* [WORK ITEM]:
All lines in the records below with the word "Militärs" must be returned.

──────── INPUT

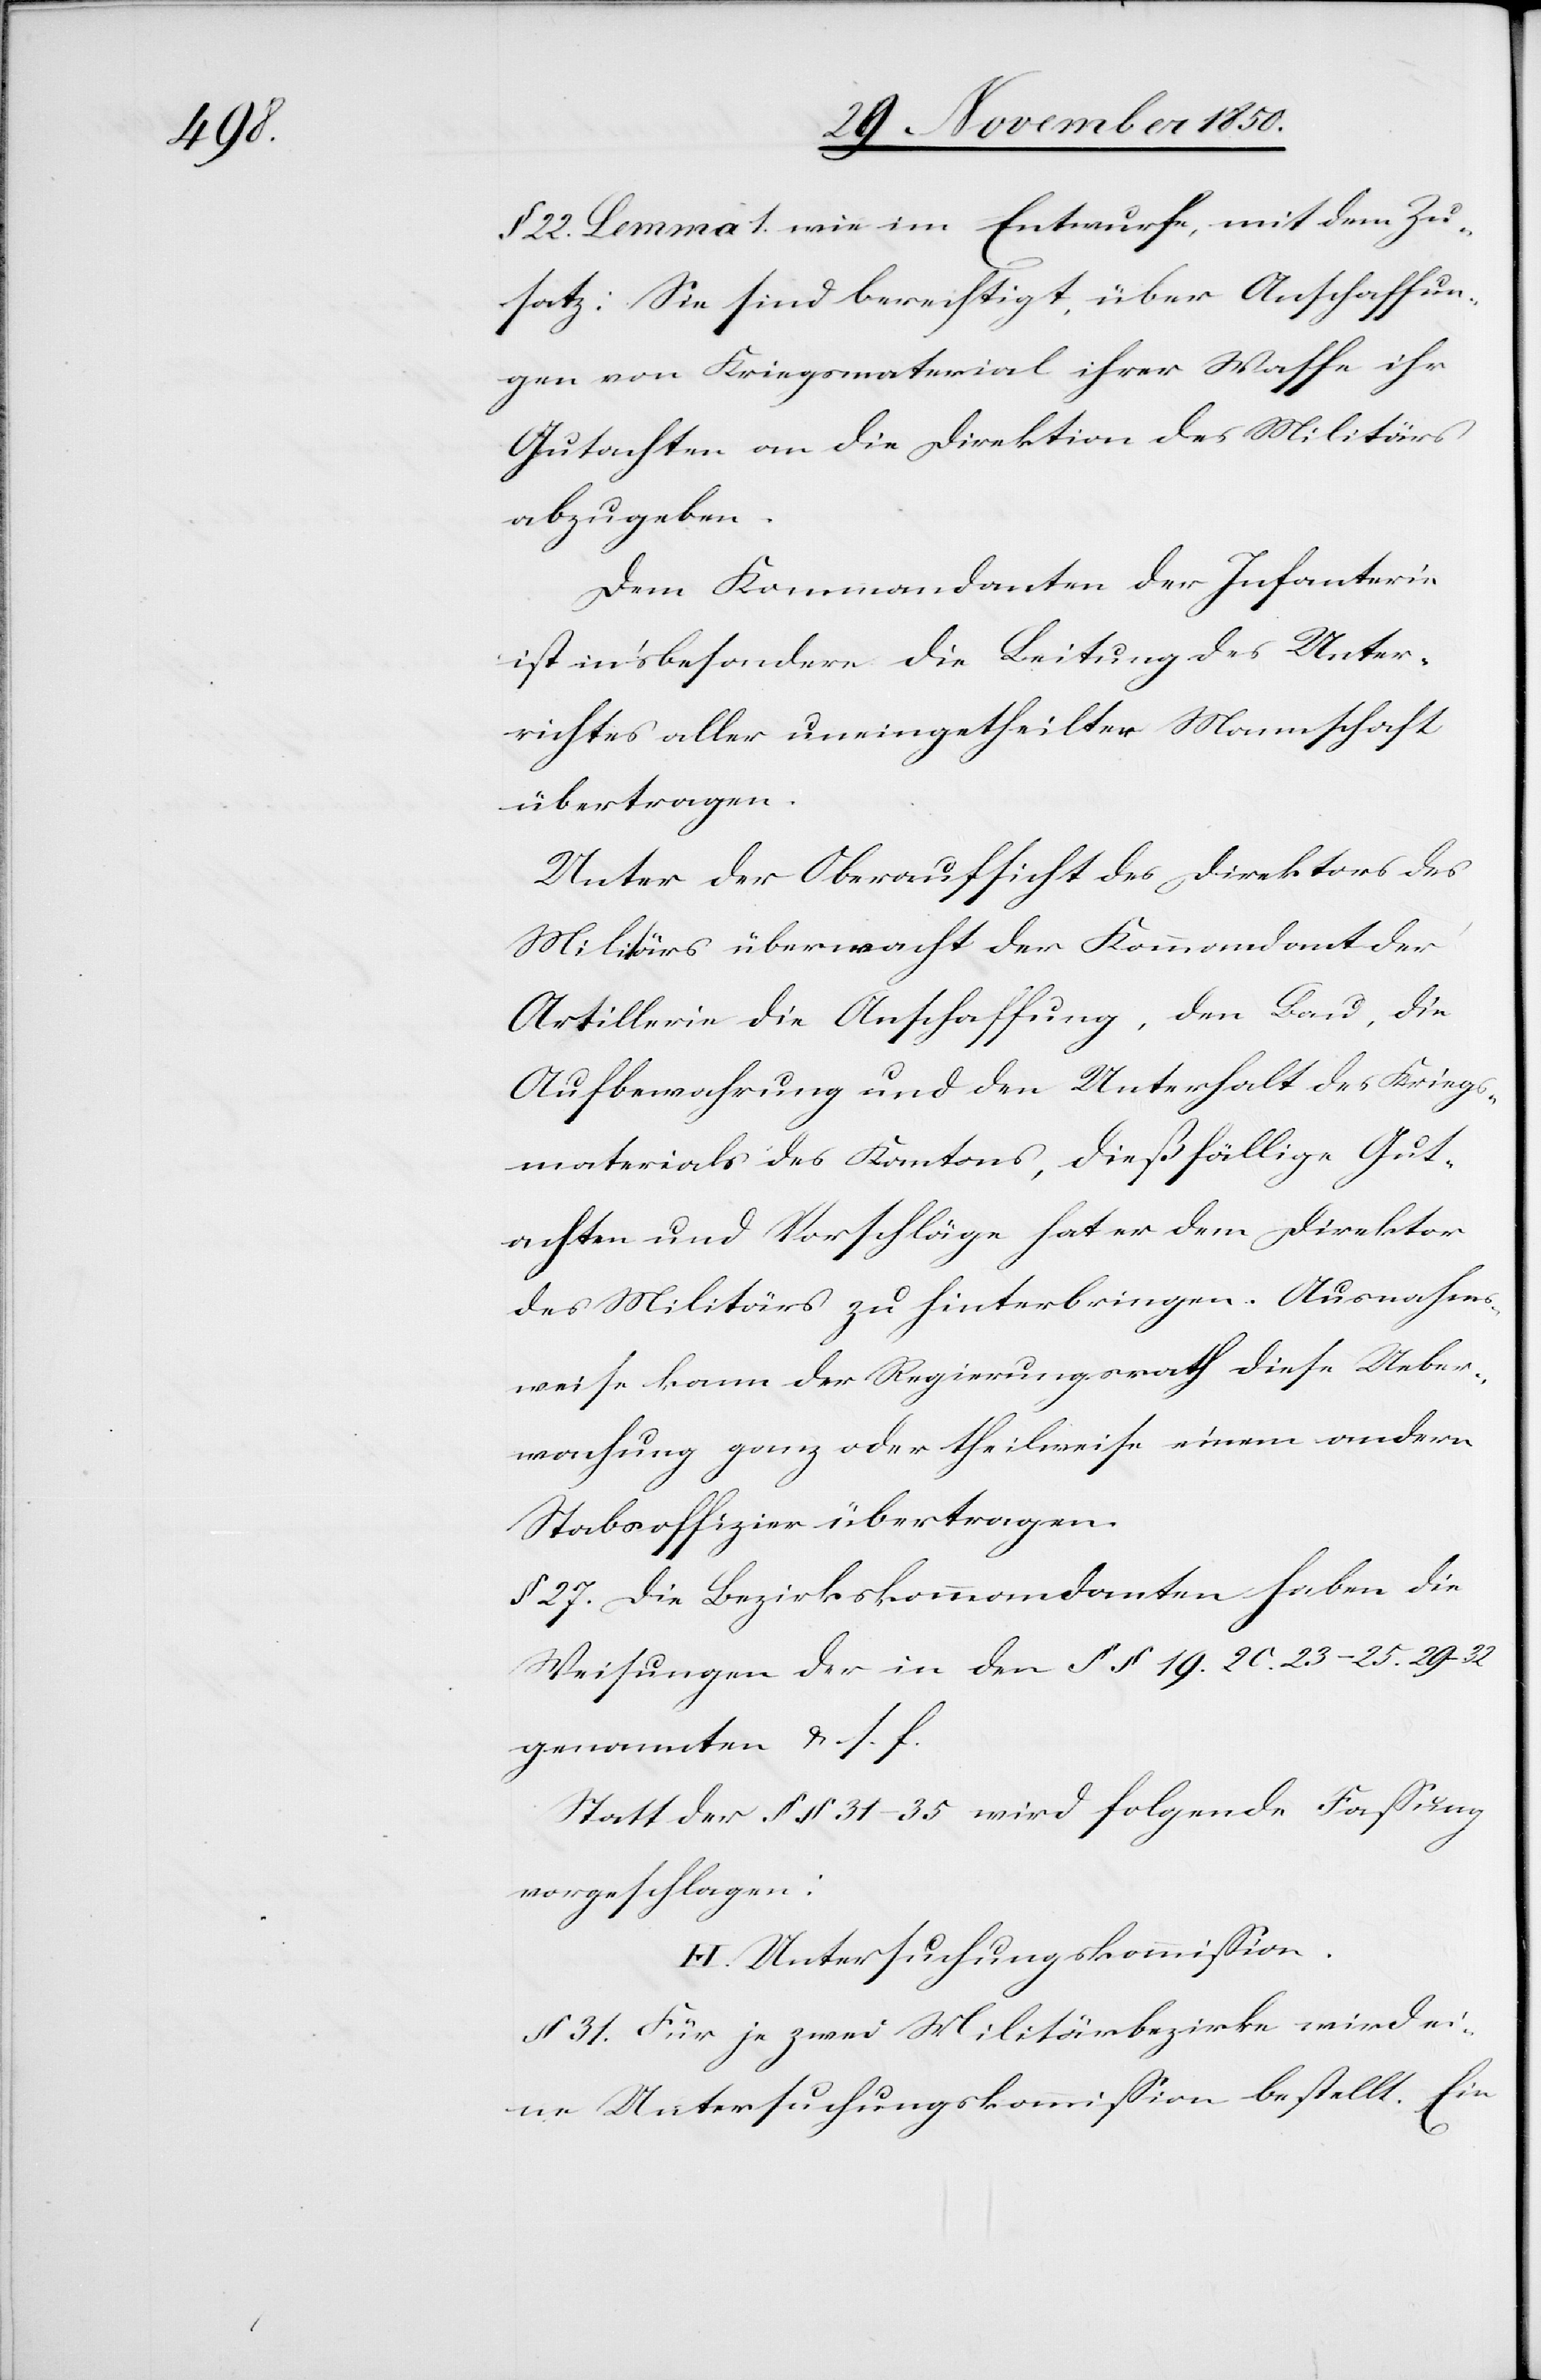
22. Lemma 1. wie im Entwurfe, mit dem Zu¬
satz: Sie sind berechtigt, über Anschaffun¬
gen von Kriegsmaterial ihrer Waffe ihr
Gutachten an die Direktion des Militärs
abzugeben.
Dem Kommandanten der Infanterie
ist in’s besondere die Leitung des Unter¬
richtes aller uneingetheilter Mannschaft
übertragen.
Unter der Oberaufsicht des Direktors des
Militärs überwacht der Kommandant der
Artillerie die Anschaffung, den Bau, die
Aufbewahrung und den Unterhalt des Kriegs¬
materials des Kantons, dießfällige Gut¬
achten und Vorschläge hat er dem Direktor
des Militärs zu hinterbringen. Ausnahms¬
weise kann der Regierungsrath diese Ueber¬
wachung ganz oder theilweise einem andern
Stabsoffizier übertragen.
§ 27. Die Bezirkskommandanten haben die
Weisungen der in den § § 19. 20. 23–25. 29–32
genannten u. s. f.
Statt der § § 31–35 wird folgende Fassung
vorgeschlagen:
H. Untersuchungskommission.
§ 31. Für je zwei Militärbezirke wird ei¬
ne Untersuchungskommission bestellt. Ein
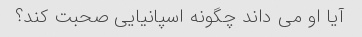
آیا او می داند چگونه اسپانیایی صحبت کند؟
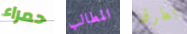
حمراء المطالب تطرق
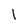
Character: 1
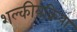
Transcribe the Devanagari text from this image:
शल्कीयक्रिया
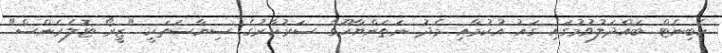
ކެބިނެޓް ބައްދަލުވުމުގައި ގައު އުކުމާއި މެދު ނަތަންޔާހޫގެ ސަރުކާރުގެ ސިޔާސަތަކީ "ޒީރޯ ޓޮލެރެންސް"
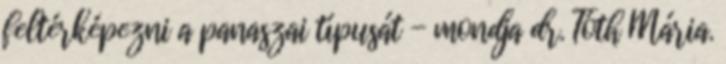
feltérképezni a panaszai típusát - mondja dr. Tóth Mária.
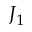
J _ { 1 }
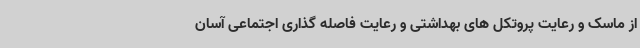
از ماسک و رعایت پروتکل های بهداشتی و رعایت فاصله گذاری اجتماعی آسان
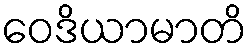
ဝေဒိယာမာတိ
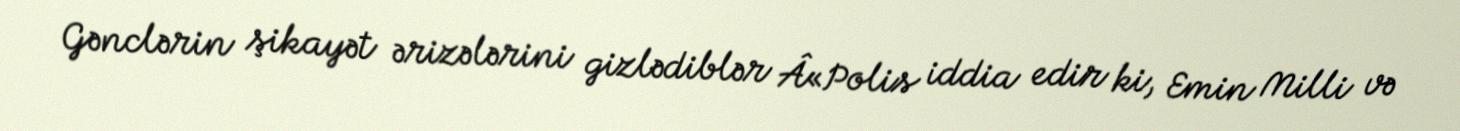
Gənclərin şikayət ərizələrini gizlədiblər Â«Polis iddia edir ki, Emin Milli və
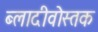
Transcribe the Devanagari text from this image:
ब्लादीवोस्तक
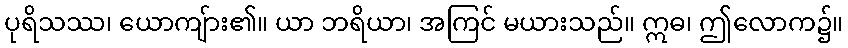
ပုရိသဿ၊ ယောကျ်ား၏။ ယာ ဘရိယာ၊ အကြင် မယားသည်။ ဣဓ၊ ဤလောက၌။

────────────────

* [TASK RESULT]:
Gutachten an die Direktion des Militärs
Militärs überwacht der Kommandant der
des Militärs zu hinterbringen. Ausnahms¬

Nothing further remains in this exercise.